There is a fourth option, of course, which is to get a better physics – either for silcon fabrication, quantum computing or some other physics based innovation. Right now, though, these are probably still the least likely options but as the links below show, lots of people are working .

In continued praise of “Programming Pearls”


Algorithm City

I have read two books in the last year that have fundamentally changed the way I think about computers and programming – The Annotated Turing and Programming Pearls.

Programming Pearls in particular continues to inspire me in the way it makes you think about building better algorithms and using data structures better – and here’s a short tale about what I have just done (and why I did it) with my valext program.

Valext runs a program under step tracing to allow the detailed examination of patterns of memory use – interrogating the /proc/pid/pagemap at every step.

The way I was doing this was to query the /proc/pid/maps, find the blocks that were being mapped and then seek through /proc/pid/pagemap, reading off the page status.

For every page that was mapped I would build a data structure and stick it into a linked list

struct blocklist {
    uint64_t address;
    struct blocklist *nextblock;
};
...
for (i = startaddr; i < endaddr; i++)
{
    block = malloc(sizeof (struct blocklist));
    block->address = i;
    block->nextblock = NULL;
    if (*lastblock == NULL){
        *lastblock = block;
        *header = block;
    } else {
        (*lastblock)->nextblock = block;
        *lastblock = block;
    }
}

But the problem with this code – an \mathcal{O}(n) algorithm – is that performance stinks. I was running it on a very underpowered laptop and got to about four days of wallclock time, in which time about 2 million steps had been taken.
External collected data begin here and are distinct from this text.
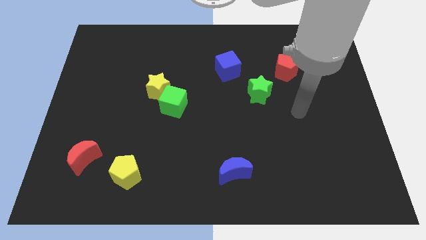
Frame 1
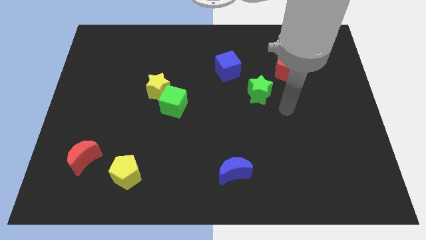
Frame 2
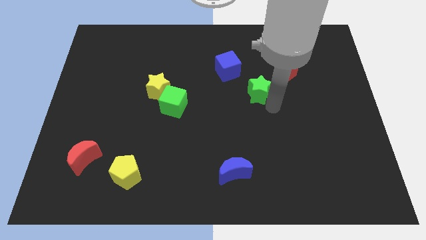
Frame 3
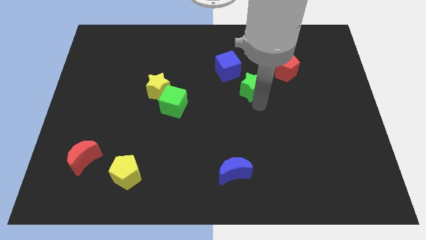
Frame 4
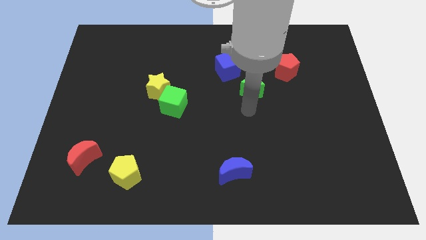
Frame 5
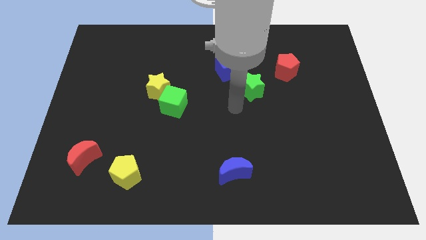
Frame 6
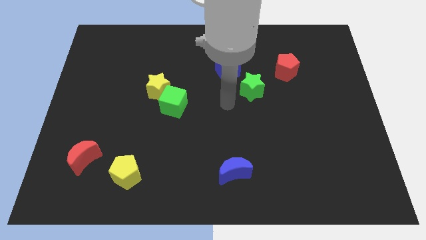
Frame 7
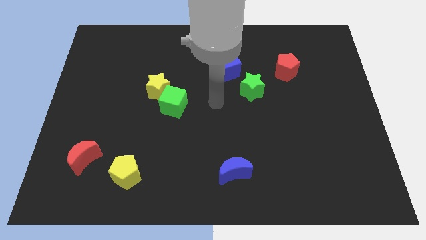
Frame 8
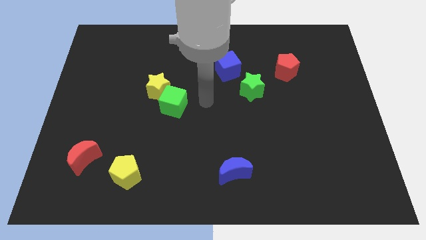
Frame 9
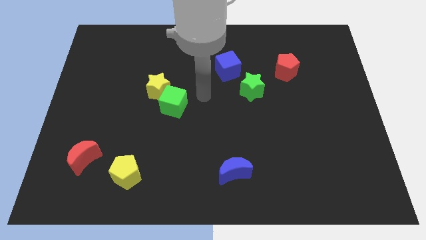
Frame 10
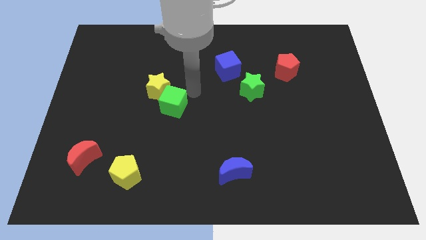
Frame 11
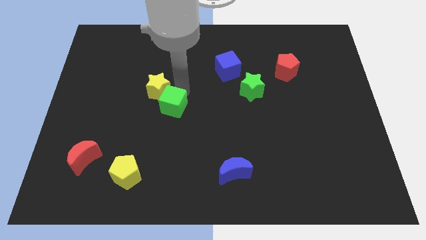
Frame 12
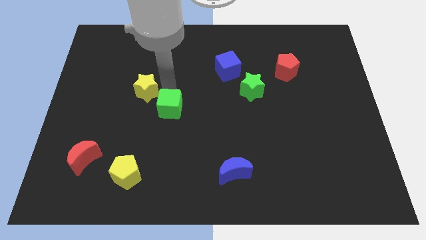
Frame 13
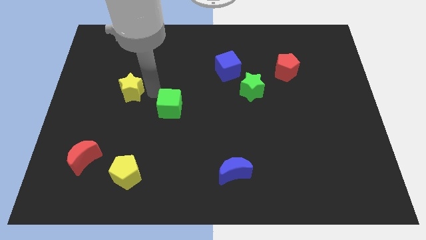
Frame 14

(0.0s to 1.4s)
separate the green cube from the yellow star

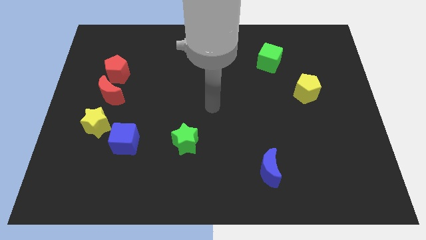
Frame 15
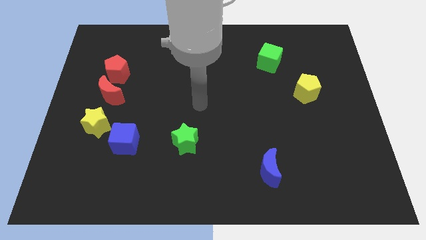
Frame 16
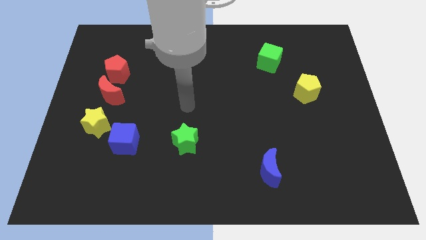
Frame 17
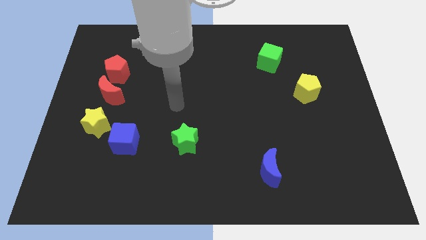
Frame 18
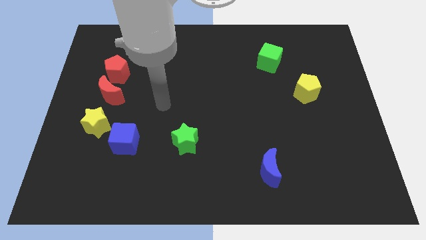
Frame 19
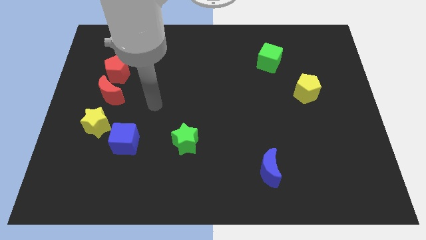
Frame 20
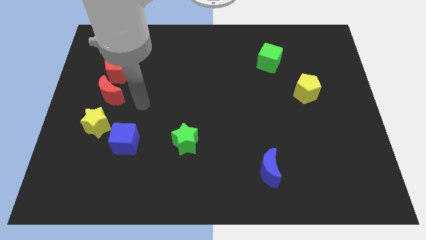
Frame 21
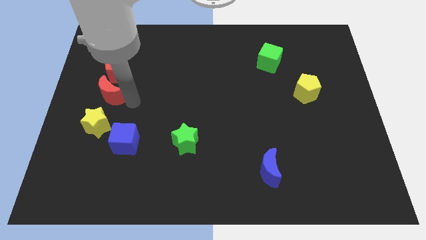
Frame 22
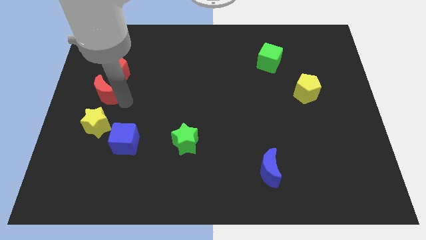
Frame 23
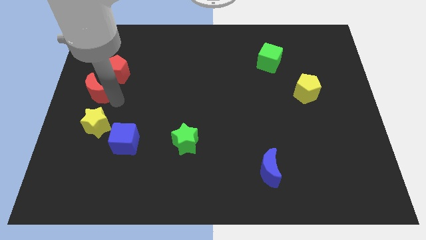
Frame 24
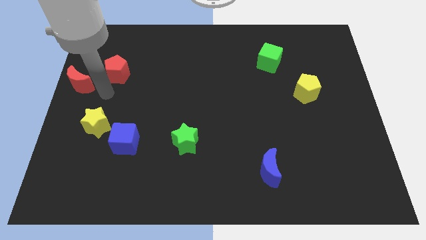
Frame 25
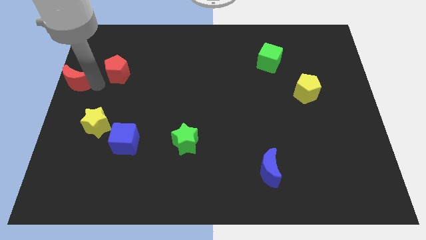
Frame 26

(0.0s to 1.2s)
pull the red pentagon apart from the red moon

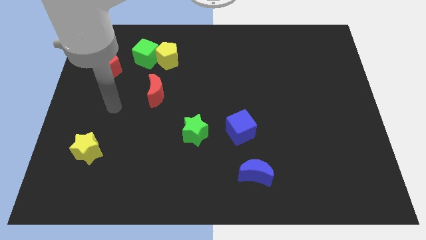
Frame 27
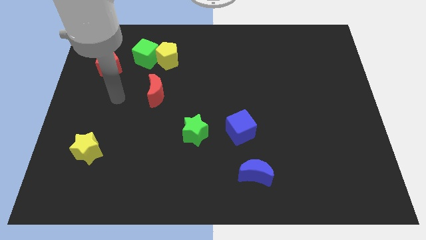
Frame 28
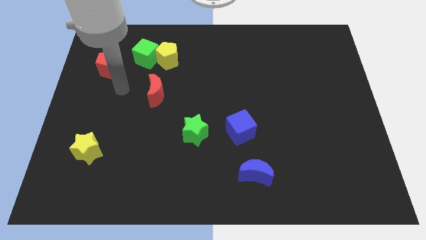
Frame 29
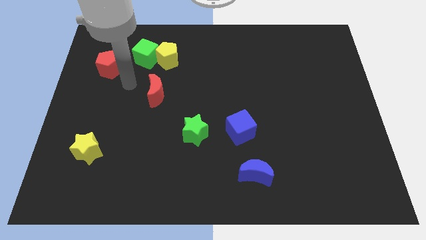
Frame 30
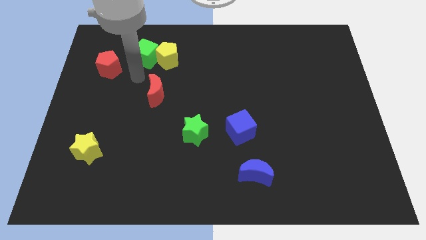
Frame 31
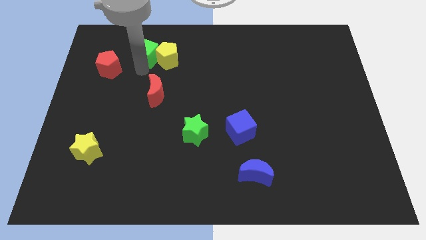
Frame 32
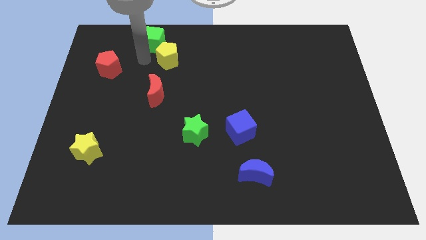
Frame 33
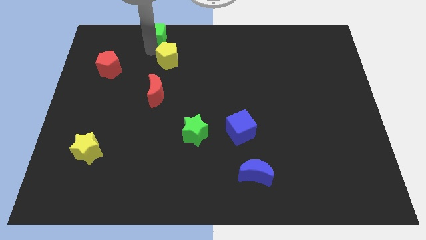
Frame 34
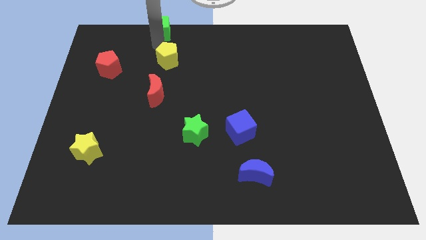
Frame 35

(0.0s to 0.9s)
separate the yellow pentagon from the green cube

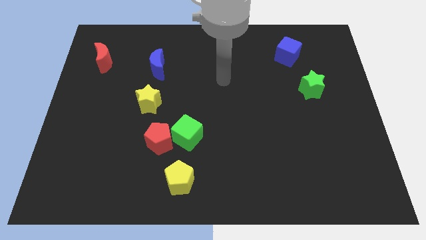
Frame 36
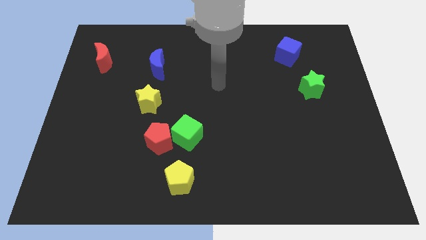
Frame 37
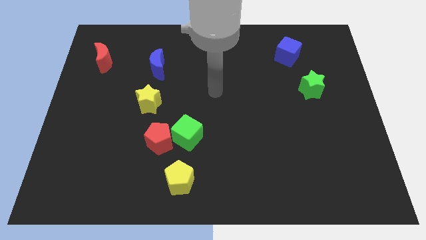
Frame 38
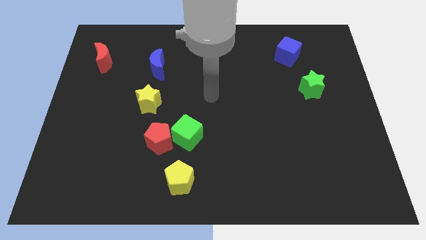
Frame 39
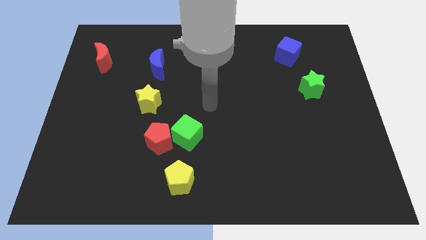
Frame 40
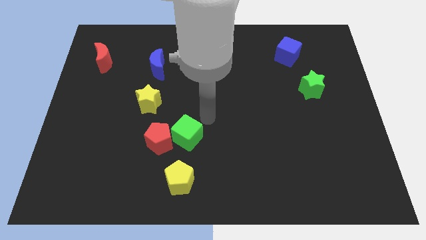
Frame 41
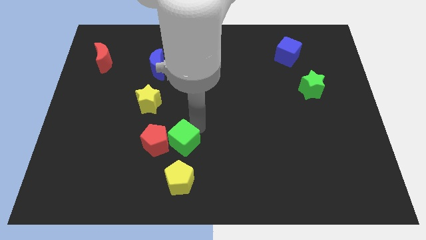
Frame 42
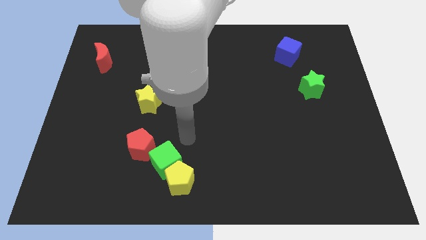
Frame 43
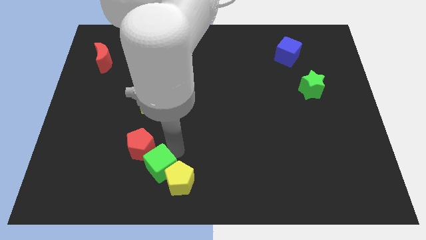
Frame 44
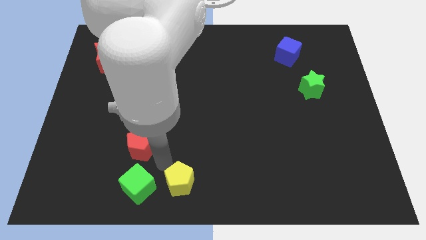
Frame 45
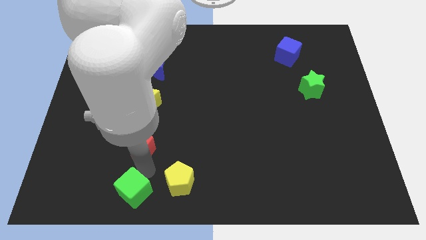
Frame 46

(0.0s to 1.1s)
pull the red pentagon apart from the green cube

So today I rewrote it with an essentially \mathcal{O}(1) algorithm – I allocate an array of arbitrary size (512 elements in current code) and fill that up – with a 0 value being the guard (ie marking the end). If more than 512 elements are needed then another 512 will be allocated and chained to the top and so on…


struct blockchain {
    int size;
    uint64_t *head;
    struct blockchain *tail;
};

uint64_t* blockalloc(int size)
{
    uint64_t *buf = calloc(size, sizeof(uint64_t));
    return buf;
}

struct blockchain *newchain(int size)
{
    struct blockchain *chain = NULL;
    chain = calloc(1, sizeof(struct blockchain));
    if (!chain)
        return NULL;
    chain->head = blockalloc(size);
    if (chain->head == NULL) {
        free(chain);
        return NULL;
    }
    chain->size = size;
    return chain;
}

/* recursively free the list */
void cleanchain(struct blockchain *chain)
{
    if (!chain)
        return;
    cleanchain(chain->tail);
    free(chain->head);
    free(chain);
    return;
}

/* set up a list */
struct blockchain* getnextblock(struct blockchain** chain,
struct blockchain** header, char* buf)
{
    int match, t = 0;
    uint64_t startaddr;
    uint64_t endaddr;
    uint64_t i;
    const char* pattern;
    regex_t reg;
    regmatch_t addresses[3];

    pattern = "^([0-9a-f]+)-([0-9a-f]+)";
    if (regcomp(&reg, pattern, REG_EXTENDED) != 0)
        goto ret;
    match = regexec(&reg, buf, (size_t)3, addresses, 0);
    if (match == REG_NOMATCH || match == REG_ESPACE)
         goto cleanup;
    startaddr = strtoul(&buf[addresses[1].rm_so], NULL, 16) >> PAGESHIFT;
    endaddr = strtoul(&buf[addresses[2].rm_so], NULL, 16) >> PAGESHIFT;
    if (*chain == NULL) {
        *chain = newchain(MEMBLOCK);
        if (*chain == NULL)
            goto cleanup;
        *header = *chain;
    }
    for (i = startaddr; i < endaddr; i++)
    {
        if (t >= MEMBLOCK) {
        struct blockchain *nxtchain = newchain(MEMBLOCK);
        if (!nxtchain)
             goto cleanup;
        (*chain)->tail = nxtchain;
        *chain = nxtchain;
        t = 0;
    }
    (*chain)->head[t] = i;
     t++;
    }
cleanup:
    regfree(&reg);
ret:
    return *chain;
}

As I am only testing this code now I don’t know if it will be faster – though everything tells me that it should be (though I am not entirely clear if this memory allocation issue is the real bottleneck in the program or whether it is just that a Pentium III is a Pentium III and there is nothing much I can do about that).

What I do know is that if it was not for the inspiration of Programming Pearls I probably would not even have bothered trying.